The transfer problem of small CC is abstracted as follows:
There are $$n $$cities on the map, and $$M $$traffic routes connect the cities. The small CC needs to go through several transportation routes from the city to the city. Each traffic route will consume a certain amount of time, and the transfer time in transit cities will also consume a certain amount of time, and the transfer time at the starting point and the ending point is not included. Now, please write a program to help CC plan the way home, which must be the shortest path. If there are multiple paths with the same time, choose the one with the least transfer.
For example, little CC is going to return to Datong from Xiamen. The figure below shows the route map of little CC when she goes home. The square in the figure represents the transfer time, and the number on the line represents the travel time of the line.
(this map is only for illustration, and does not represent the real travel time and actual geographical location)
![ Train route map. PNG] (~ / 09a13237-60d4-42fb-940a-c4c24f728b43. Png#width half)
It can be seen from the figure that there are multiple paths to choose from, but there are only two paths with the shortest time (375 time)
1. Xiamen, Beijing and Datong, the journey time is 227 + 70 and the transfer time is 78;
2. Xiamen, Nanchang, Zhengzhou, Datong, travel time 65 + 64 + 125, transfer time 40 + 81.
At this time, small CC will choose the first line with less transfer times.
###Input format:
The first line is a positive integer $$n / leq500 $$, which indicates the number of cities.
Then there are $$n $$rows, each row followed by the city name and transfer time. The city name is no more than 40 characters, which is composed of upper and lower case letters.
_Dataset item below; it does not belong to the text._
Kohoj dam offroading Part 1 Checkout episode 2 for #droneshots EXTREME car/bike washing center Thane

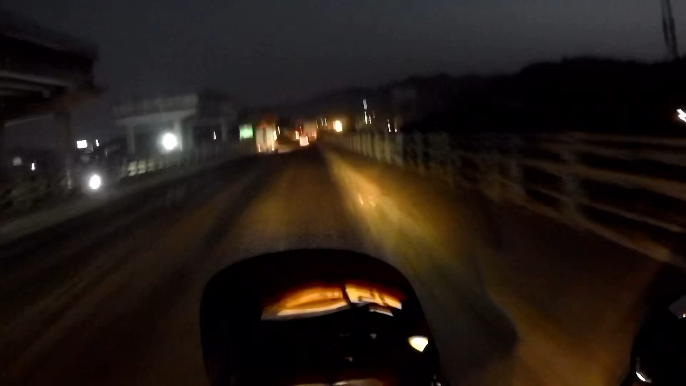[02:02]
So let's meet up a little ahead. There's a one break at about 50 to 55 kilometers. So as of now, there's not much light. As you can see, it's 6:30 in the morning. Having a pleasant ride. Early morning.

The transfer time is a positive integer no more than $$10 ^ 4 $.
Next is a positive integer, $$m / leq3n $$, indicating the number of traffic routes.
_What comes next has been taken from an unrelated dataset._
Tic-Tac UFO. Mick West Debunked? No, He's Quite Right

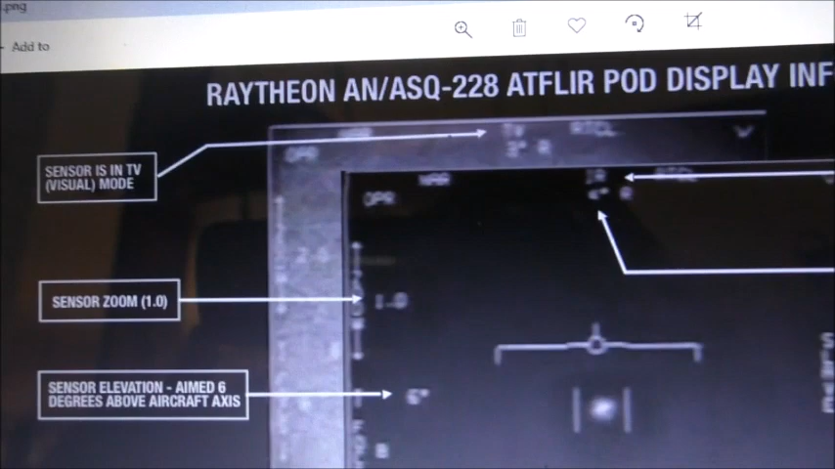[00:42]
us what all the stuff on this particular Atfleur pod means.
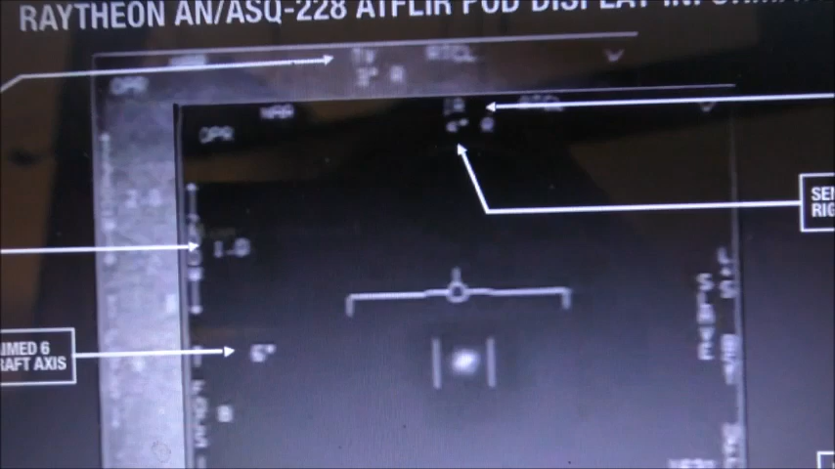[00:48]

Next, the $$M $$line has three elements in each line, followed by two city names and the route time (a positive integer not greater than $$10 ^ 4 $).
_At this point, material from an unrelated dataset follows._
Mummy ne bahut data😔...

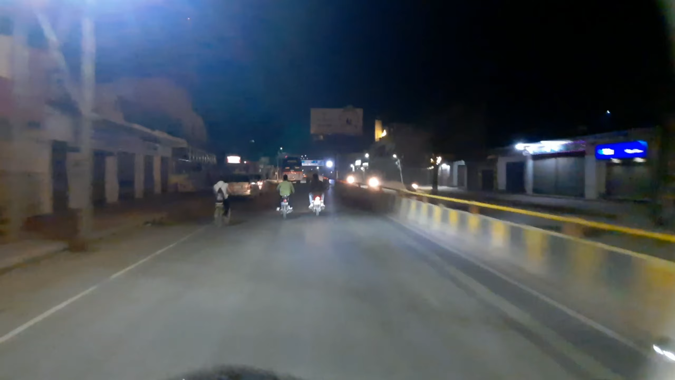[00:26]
आगे तो गाड़ी चल रही है, थोड़ा चल रहा है।

The last line gives the city names of the starting point $$s $$and the destination $$t $$in turn.
###Output format:
**If there is a shortest route from the start to the end * *:
The output time of the first line is time-consuming (the transit time of the starting point and the ending point is not included).
The second line outputs the cities along the way (including the starting point and the ending point) in the order from the starting point to the ending point, and links with.
If there are multiple routes with the shortest time, the one with the least number of transfers will be output.
**If there is no route from the beginning to the end * *:
Output a line: "why not go home by plane“
###Input sample 1:
Examples in the diagram.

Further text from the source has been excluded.